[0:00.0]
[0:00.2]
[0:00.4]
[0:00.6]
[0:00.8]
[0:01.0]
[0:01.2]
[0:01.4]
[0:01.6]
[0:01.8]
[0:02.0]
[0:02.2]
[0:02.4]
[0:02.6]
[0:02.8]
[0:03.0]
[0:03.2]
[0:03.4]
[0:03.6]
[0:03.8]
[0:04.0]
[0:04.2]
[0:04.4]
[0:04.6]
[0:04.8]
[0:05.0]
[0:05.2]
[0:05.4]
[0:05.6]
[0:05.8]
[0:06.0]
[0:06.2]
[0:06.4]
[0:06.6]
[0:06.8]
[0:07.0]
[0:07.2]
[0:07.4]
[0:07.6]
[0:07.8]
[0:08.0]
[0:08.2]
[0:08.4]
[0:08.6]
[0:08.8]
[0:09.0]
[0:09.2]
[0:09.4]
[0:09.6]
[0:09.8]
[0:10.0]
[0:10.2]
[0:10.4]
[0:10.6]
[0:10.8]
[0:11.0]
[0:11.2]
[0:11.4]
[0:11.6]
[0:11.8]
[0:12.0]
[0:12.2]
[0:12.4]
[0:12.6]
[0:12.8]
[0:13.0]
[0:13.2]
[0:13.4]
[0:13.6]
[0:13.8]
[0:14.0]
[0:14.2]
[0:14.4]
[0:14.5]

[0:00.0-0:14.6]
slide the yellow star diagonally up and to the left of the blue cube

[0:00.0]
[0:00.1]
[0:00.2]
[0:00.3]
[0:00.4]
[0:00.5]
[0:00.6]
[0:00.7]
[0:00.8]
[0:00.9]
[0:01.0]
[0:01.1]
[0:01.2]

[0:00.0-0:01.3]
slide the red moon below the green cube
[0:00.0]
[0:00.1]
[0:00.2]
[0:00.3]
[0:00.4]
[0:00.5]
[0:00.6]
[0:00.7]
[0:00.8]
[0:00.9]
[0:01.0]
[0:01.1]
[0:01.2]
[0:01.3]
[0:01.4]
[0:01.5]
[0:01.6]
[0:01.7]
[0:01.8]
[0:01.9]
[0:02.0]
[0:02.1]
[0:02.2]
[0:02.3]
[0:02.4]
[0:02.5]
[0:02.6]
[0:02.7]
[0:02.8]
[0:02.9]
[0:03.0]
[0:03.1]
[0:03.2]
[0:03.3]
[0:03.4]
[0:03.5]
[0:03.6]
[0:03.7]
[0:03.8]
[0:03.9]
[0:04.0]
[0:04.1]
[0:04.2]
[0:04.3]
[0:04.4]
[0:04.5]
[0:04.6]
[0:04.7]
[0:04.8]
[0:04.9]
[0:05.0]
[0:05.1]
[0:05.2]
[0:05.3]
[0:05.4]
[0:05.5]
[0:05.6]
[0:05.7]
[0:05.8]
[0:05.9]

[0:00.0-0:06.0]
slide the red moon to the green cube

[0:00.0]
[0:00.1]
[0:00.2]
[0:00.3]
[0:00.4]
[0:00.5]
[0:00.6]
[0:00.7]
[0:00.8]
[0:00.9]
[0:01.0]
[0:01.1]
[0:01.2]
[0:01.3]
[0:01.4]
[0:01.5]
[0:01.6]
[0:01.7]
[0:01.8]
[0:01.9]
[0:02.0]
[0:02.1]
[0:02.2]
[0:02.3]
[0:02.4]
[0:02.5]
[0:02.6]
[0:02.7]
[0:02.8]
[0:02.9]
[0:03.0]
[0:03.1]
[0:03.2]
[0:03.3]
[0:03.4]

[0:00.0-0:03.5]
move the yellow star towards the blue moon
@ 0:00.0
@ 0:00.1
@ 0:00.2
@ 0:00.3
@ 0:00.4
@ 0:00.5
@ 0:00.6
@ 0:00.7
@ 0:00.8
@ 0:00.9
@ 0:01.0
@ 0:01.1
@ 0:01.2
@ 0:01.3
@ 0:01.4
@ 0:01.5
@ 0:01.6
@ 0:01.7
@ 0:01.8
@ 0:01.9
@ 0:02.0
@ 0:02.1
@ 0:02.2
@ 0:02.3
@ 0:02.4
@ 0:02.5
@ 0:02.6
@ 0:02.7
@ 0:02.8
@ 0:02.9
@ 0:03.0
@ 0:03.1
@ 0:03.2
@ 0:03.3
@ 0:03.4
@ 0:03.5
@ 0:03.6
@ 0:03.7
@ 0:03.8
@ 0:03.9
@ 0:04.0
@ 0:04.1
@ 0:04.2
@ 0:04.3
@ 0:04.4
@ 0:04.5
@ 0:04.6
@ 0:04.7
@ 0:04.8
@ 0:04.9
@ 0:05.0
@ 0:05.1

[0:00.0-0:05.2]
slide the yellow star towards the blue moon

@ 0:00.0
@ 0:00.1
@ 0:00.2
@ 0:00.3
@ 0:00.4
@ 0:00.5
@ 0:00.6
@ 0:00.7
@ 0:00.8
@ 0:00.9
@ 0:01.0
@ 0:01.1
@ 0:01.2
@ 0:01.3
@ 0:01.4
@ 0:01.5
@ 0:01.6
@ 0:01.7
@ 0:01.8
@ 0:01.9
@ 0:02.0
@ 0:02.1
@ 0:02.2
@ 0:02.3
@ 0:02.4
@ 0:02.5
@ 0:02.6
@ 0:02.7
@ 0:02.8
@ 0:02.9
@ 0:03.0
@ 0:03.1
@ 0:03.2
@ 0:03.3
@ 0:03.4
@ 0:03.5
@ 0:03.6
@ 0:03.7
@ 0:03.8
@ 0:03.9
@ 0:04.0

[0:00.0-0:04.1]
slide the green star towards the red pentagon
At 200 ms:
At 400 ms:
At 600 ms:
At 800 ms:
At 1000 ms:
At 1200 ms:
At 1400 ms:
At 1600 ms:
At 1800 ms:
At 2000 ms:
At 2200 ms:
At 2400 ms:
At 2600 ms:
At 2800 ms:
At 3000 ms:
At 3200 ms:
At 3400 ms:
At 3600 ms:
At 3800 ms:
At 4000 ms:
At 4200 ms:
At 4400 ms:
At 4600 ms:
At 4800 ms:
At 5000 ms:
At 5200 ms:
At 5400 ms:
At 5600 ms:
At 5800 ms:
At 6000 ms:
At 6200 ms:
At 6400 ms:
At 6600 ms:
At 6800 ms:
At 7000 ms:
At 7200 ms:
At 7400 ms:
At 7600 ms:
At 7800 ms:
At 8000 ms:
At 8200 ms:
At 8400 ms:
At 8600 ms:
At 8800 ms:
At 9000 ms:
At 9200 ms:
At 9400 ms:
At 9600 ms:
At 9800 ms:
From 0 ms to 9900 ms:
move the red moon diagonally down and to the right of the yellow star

**About this exercise**
Every entry should be output again exactly as written.

**Solution for this exercise**
[0:00.0]
[0:00.2]
[0:00.4]
[0:00.6]
[0:00.8]
[0:01.0]
[0:01.2]
[0:01.4]
[0:01.6]
[0:01.8]
[0:02.0]
[0:02.2]
[0:02.4]
[0:02.6]
[0:02.8]
[0:03.0]
[0:03.2]
[0:03.4]
[0:03.6]
[0:03.8]
[0:04.0]
[0:04.2]
[0:04.4]
[0:04.6]
[0:04.8]
[0:05.0]
[0:05.2]
[0:05.4]
[0:05.6]
[0:05.8]
[0:06.0]
[0:06.2]
[0:06.4]
[0:06.6]
[0:06.8]
[0:07.0]
[0:07.2]
[0:07.4]
[0:07.6]
[0:07.8]
[0:08.0]
[0:08.2]
[0:08.4]
[0:08.6]
[0:08.8]
[0:09.0]
[0:09.2]
[0:09.4]
[0:09.6]
[0:09.8]
[0:10.0]
[0:10.2]
[0:10.4]
[0:10.6]
[0:10.8]
[0:11.0]
[0:11.2]
[0:11.4]
[0:11.6]
[0:11.8]
[0:12.0]
[0:12.2]
[0:12.4]
[0:12.6]
[0:12.8]
[0:13.0]
[0:13.2]
[0:13.4]
[0:13.6]
[0:13.8]
[0:14.0]
[0:14.2]
[0:14.4]
[0:14.5]

[0:00.0-0:14.6]
slide the yellow star diagonally up and to the left of the blue cube

[0:00.0]
[0:00.1]
[0:00.2]
[0:00.3]
[0:00.4]
[0:00.5]
[0:00.6]
[0:00.7]
[0:00.8]
[0:00.9]
[0:01.0]
[0:01.1]
[0:01.2]

[0:00.0-0:01.3]
slide the red moon below the green cube
[0:00.0]
[0:00.1]
[0:00.2]
[0:00.3]
[0:00.4]
[0:00.5]
[0:00.6]
[0:00.7]
[0:00.8]
[0:00.9]
[0:01.0]
[0:01.1]
[0:01.2]
[0:01.3]
[0:01.4]
[0:01.5]
[0:01.6]
[0:01.7]
[0:01.8]
[0:01.9]
[0:02.0]
[0:02.1]
[0:02.2]
[0:02.3]
[0:02.4]
[0:02.5]
[0:02.6]
[0:02.7]
[0:02.8]
[0:02.9]
[0:03.0]
[0:03.1]
[0:03.2]
[0:03.3]
[0:03.4]
[0:03.5]
[0:03.6]
[0:03.7]
[0:03.8]
[0:03.9]
[0:04.0]
[0:04.1]
[0:04.2]
[0:04.3]
[0:04.4]
[0:04.5]
[0:04.6]
[0:04.7]
[0:04.8]
[0:04.9]
[0:05.0]
[0:05.1]
[0:05.2]
[0:05.3]
[0:05.4]
[0:05.5]
[0:05.6]
[0:05.7]
[0:05.8]
[0:05.9]

[0:00.0-0:06.0]
slide the red moon to the green cube

[0:00.0]
[0:00.1]
[0:00.2]
[0:00.3]
[0:00.4]
[0:00.5]
[0:00.6]
[0:00.7]
[0:00.8]
[0:00.9]
[0:01.0]
[0:01.1]
[0:01.2]
[0:01.3]
[0:01.4]
[0:01.5]
[0:01.6]
[0:01.7]
[0:01.8]
[0:01.9]
[0:02.0]
[0:02.1]
[0:02.2]
[0:02.3]
[0:02.4]
[0:02.5]
[0:02.6]
[0:02.7]
[0:02.8]
[0:02.9]
[0:03.0]
[0:03.1]
[0:03.2]
[0:03.3]
[0:03.4]

[0:00.0-0:03.5]
move the yellow star towards the blue moon
@ 0:00.0
@ 0:00.1
@ 0:00.2
@ 0:00.3
@ 0:00.4
@ 0:00.5
@ 0:00.6
@ 0:00.7
@ 0:00.8
@ 0:00.9
@ 0:01.0
@ 0:01.1
@ 0:01.2
@ 0:01.3
@ 0:01.4
@ 0:01.5
@ 0:01.6
@ 0:01.7
@ 0:01.8
@ 0:01.9
@ 0:02.0
@ 0:02.1
@ 0:02.2
@ 0:02.3
@ 0:02.4
@ 0:02.5
@ 0:02.6
@ 0:02.7
@ 0:02.8
@ 0:02.9
@ 0:03.0
@ 0:03.1
@ 0:03.2
@ 0:03.3
@ 0:03.4
@ 0:03.5
@ 0:03.6
@ 0:03.7
@ 0:03.8
@ 0:03.9
@ 0:04.0
@ 0:04.1
@ 0:04.2
@ 0:04.3
@ 0:04.4
@ 0:04.5
@ 0:04.6
@ 0:04.7
@ 0:04.8
@ 0:04.9
@ 0:05.0
@ 0:05.1

[0:00.0-0:05.2]
slide the yellow star towards the blue moon

@ 0:00.0
@ 0:00.1
@ 0:00.2
@ 0:00.3
@ 0:00.4
@ 0:00.5
@ 0:00.6
@ 0:00.7
@ 0:00.8
@ 0:00.9
@ 0:01.0
@ 0:01.1
@ 0:01.2
@ 0:01.3
@ 0:01.4
@ 0:01.5
@ 0:01.6
@ 0:01.7
@ 0:01.8
@ 0:01.9
@ 0:02.0
@ 0:02.1
@ 0:02.2
@ 0:02.3
@ 0:02.4
@ 0:02.5
@ 0:02.6
@ 0:02.7
@ 0:02.8
@ 0:02.9
@ 0:03.0
@ 0:03.1
@ 0:03.2
@ 0:03.3
@ 0:03.4
@ 0:03.5
@ 0:03.6
@ 0:03.7
@ 0:03.8
@ 0:03.9
@ 0:04.0

[0:00.0-0:04.1]
slide the green star towards the red pentagon
At 200 ms:
At 400 ms:
At 600 ms:
At 800 ms:
At 1000 ms:
At 1200 ms:
At 1400 ms:
At 1600 ms:
At 1800 ms:
At 2000 ms:
At 2200 ms:
At 2400 ms:
At 2600 ms:
At 2800 ms:
At 3000 ms:
At 3200 ms:
At 3400 ms:
At 3600 ms:
At 3800 ms:
At 4000 ms:
At 4200 ms:
At 4400 ms:
At 4600 ms:
At 4800 ms:
At 5000 ms:
At 5200 ms:
At 5400 ms:
At 5600 ms:
At 5800 ms:
At 6000 ms:
At 6200 ms:
At 6400 ms:
At 6600 ms:
At 6800 ms:
At 7000 ms:
At 7200 ms:
At 7400 ms:
At 7600 ms:
At 7800 ms:
At 8000 ms:
At 8200 ms:
At 8400 ms:
At 8600 ms:
At 8800 ms:
At 9000 ms:
At 9200 ms:
At 9400 ms:
At 9600 ms:
At 9800 ms:
From 0 ms to 9900 ms:
move the red moon diagonally down and to the right of the yellow star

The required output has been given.